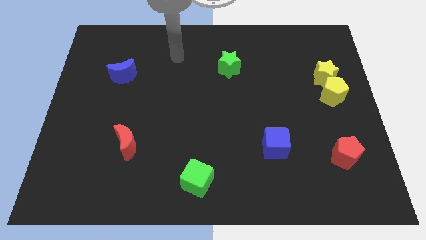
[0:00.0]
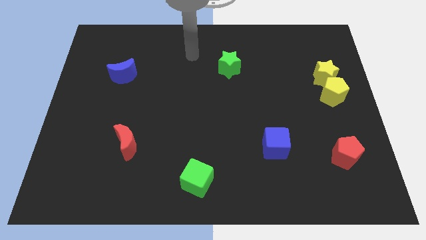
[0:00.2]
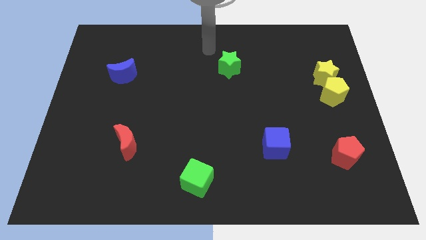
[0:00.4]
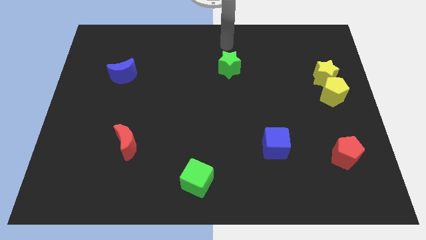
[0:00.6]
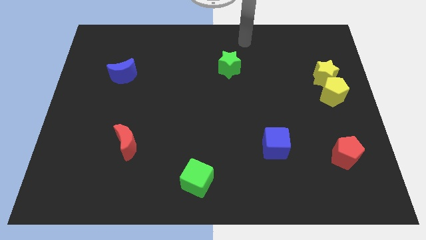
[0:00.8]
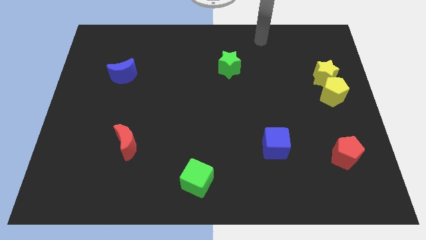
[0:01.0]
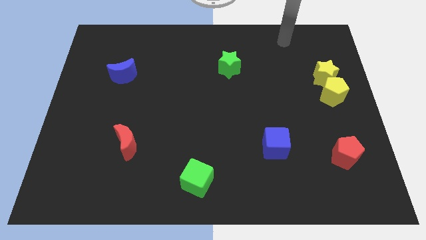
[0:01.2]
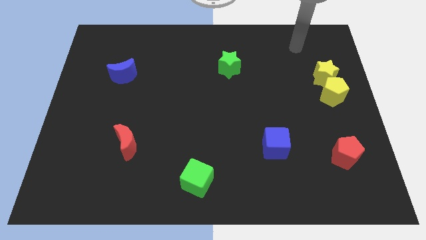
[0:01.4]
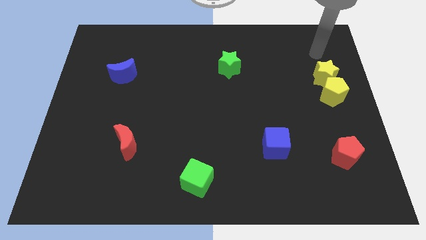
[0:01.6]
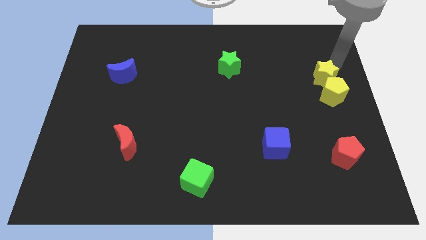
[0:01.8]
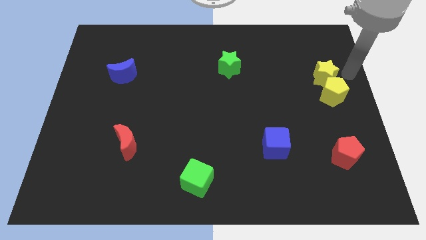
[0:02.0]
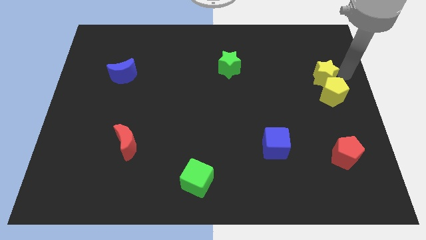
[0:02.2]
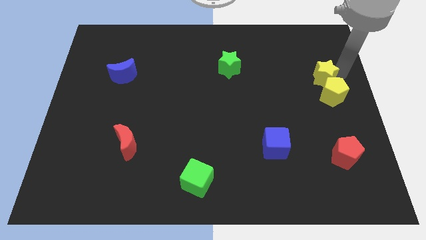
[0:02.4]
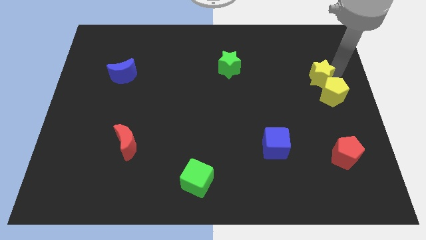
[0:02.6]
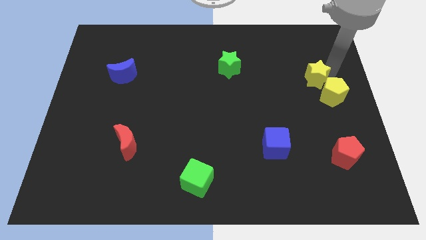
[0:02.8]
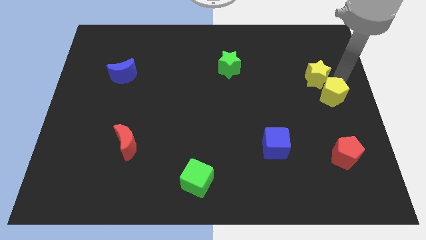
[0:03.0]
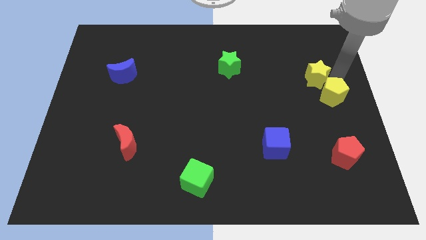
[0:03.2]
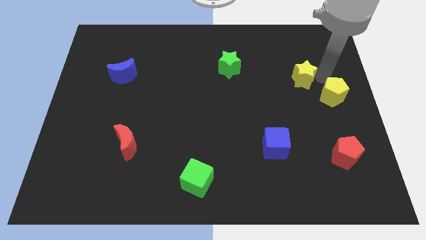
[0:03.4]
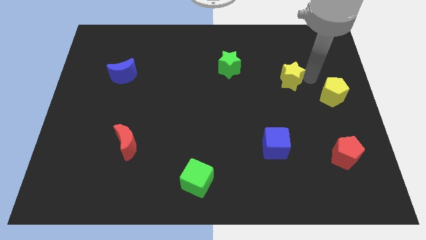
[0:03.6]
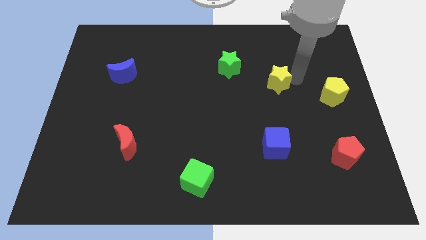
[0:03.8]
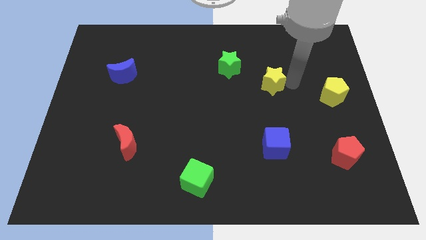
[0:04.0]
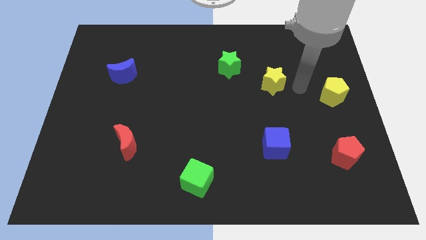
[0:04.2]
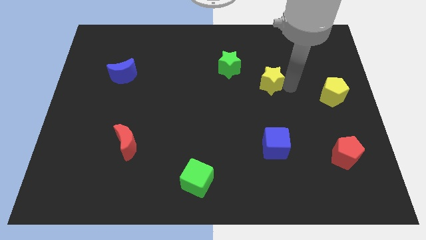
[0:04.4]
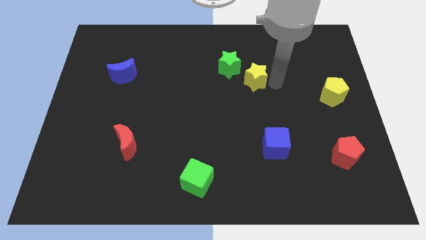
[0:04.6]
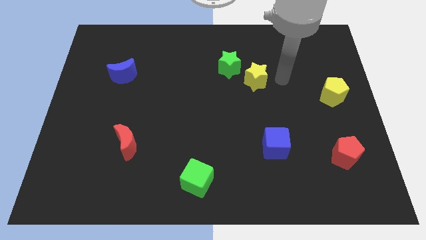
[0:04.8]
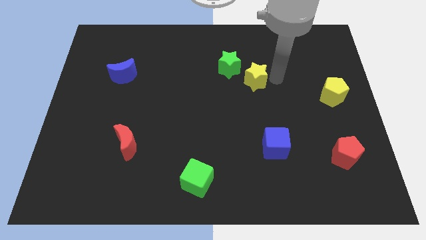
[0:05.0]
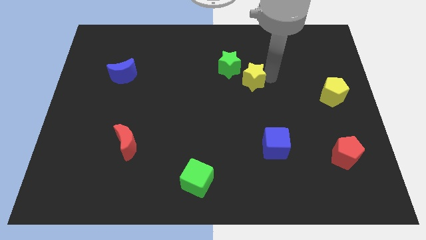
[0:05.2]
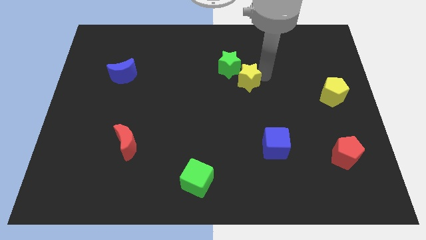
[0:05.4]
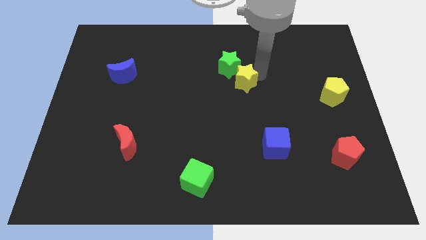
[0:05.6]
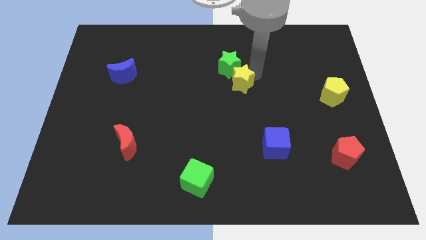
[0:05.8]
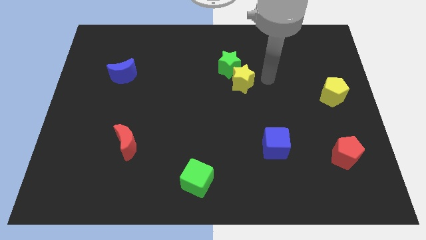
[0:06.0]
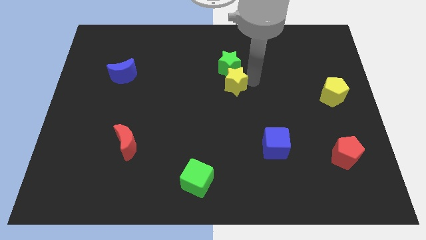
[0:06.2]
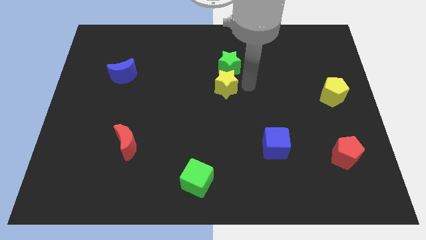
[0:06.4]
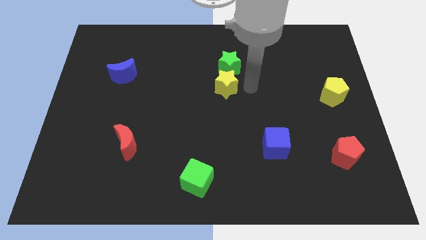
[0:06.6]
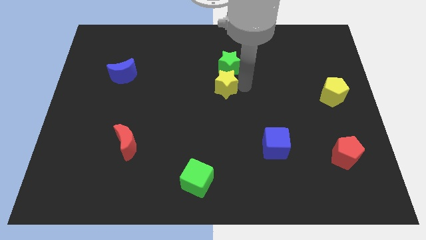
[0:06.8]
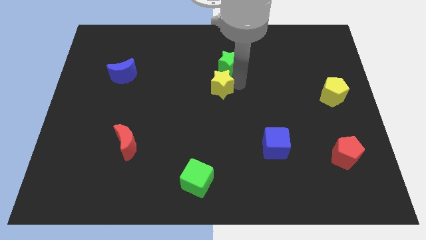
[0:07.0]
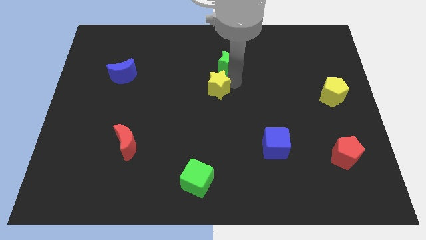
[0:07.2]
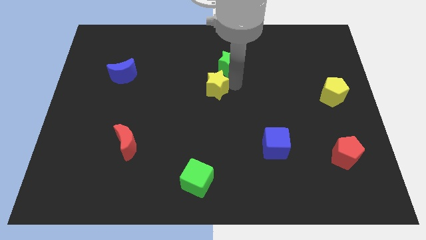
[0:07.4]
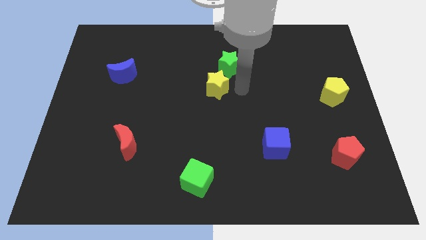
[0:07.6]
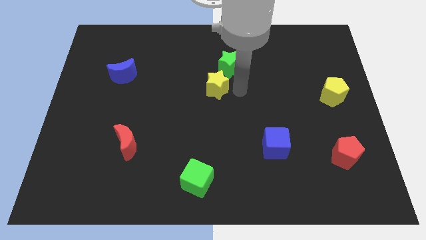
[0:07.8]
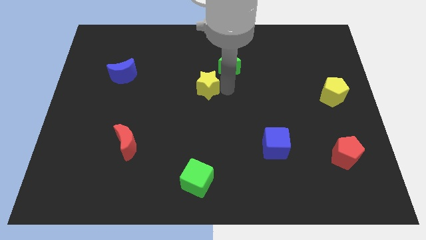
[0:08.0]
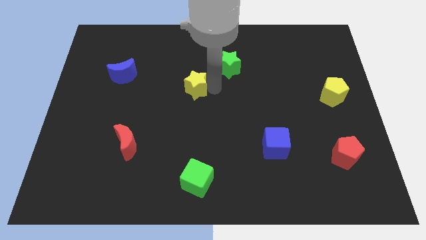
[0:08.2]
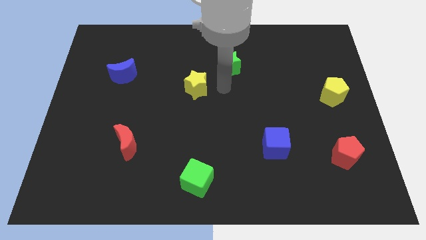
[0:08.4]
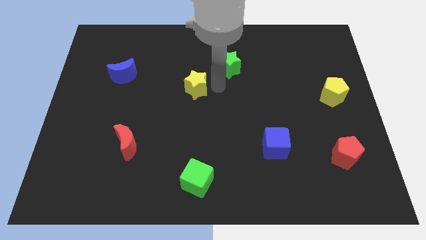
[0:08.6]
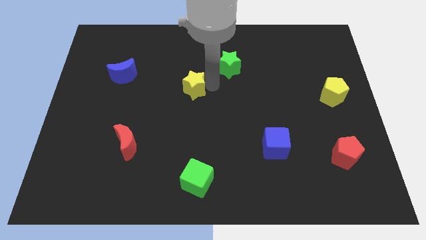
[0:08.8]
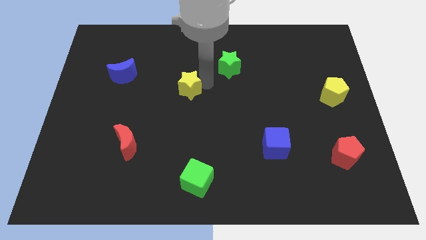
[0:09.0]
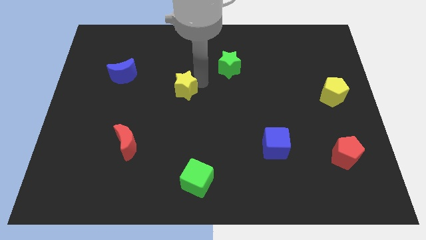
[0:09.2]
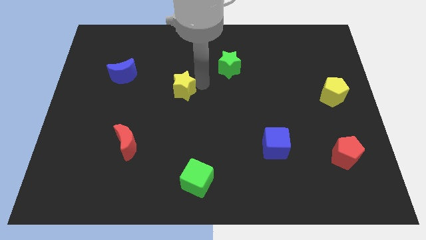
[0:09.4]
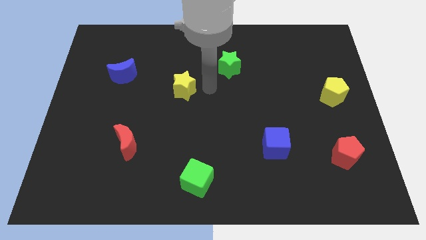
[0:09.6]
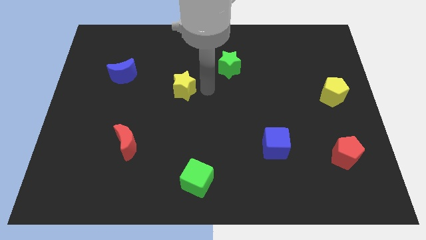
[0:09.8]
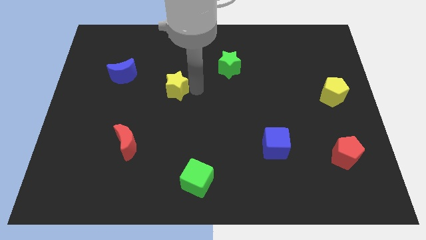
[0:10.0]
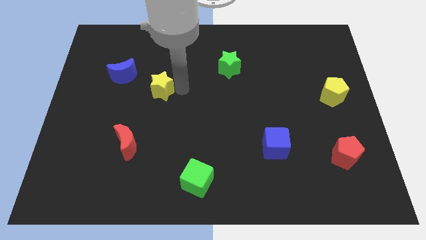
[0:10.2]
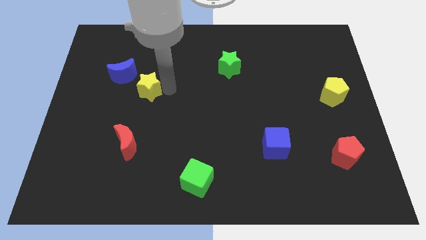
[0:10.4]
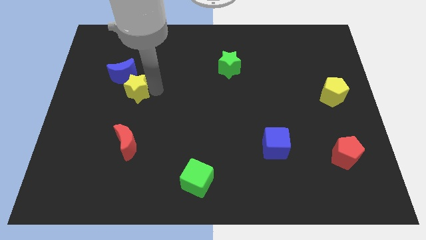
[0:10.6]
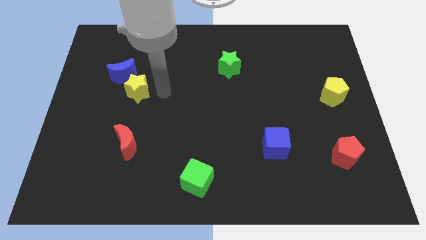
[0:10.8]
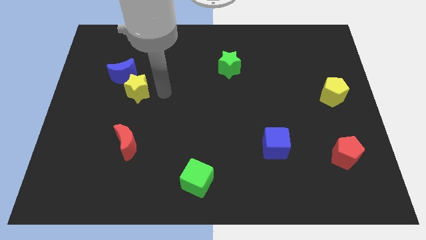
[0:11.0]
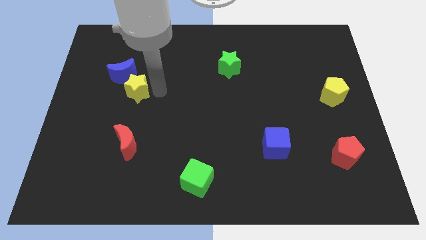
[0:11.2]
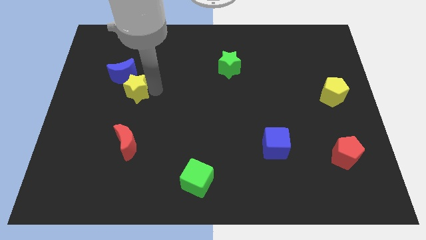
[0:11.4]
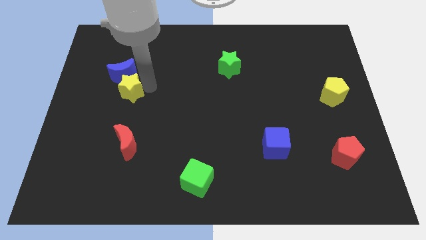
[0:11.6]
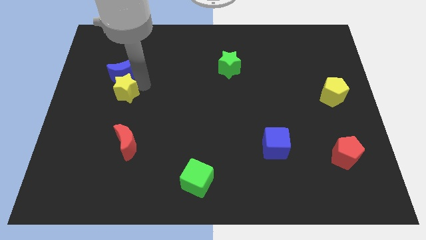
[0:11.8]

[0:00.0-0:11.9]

* Work item *
Without including any pictures, output all the entries above exactly.

* Answer to the problem *
[0:00.0]
[0:00.2]
[0:00.4]
[0:00.6]
[0:00.8]
[0:01.0]
[0:01.2]
[0:01.4]
[0:01.6]
[0:01.8]
[0:02.0]
[0:02.2]
[0:02.4]
[0:02.6]
[0:02.8]
[0:03.0]
[0:03.2]
[0:03.4]
[0:03.6]
[0:03.8]
[0:04.0]
[0:04.2]
[0:04.4]
[0:04.6]
[0:04.8]
[0:05.0]
[0:05.2]
[0:05.4]
[0:05.6]
[0:05.8]
[0:06.0]
[0:06.2]
[0:06.4]
[0:06.6]
[0:06.8]
[0:07.0]
[0:07.2]
[0:07.4]
[0:07.6]
[0:07.8]
[0:08.0]
[0:08.2]
[0:08.4]
[0:08.6]
[0:08.8]
[0:09.0]
[0:09.2]
[0:09.4]
[0:09.6]
[0:09.8]
[0:10.0]
[0:10.2]
[0:10.4]
[0:10.6]
[0:10.8]
[0:11.0]
[0:11.2]
[0:11.4]
[0:11.6]
[0:11.8]

[0:00.0-0:11.9]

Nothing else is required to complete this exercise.